US President George H. W. Bush set up an aviation security commission in September 1989 to report on the plane's sabotage, and British relatives of the victims met members of the commission at the US Embassy in London in February the following year. A member of Bush's staff told one of the relatives: 'Your government and ours know exactly what happened, but they are never going to tell.'
Perhaps not. But like a tenacious shoot from a seed buried deep beneath the soil, the truth has a way of reaching the light.
This year the production of two television drama series, one focused on Swire's dogged search for that truth, has brought the Lockerbie tragedy back into the public consciousness. Old theories are being revived.
But this year could also see those theories refuted — or vindicated.

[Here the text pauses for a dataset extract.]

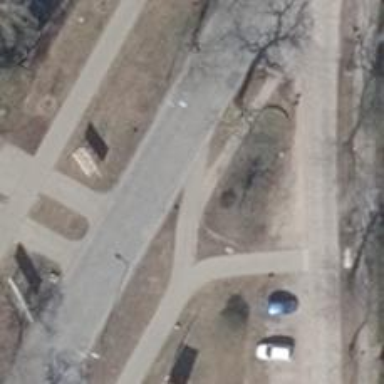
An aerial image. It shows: Sidewalk.
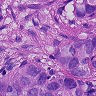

On May 12, a man identified in court papers as Abu Agila Mohammad Masud Kheir Al-Marimi, or simply Masud, will go on trial in Washington charged with having made the bomb that destroyed Pan Am Flight 103.
The story of how Masud was identified, captured and extradited to the US — a country with which Libya has no extradition treaty — remains to be told.
It also remains to be seen whether the trial of Masud will bring some kind of closure, or simply further distress, for the still-grieving families of the victims of Pan Am Flight 103, and for the people of Lockerbie.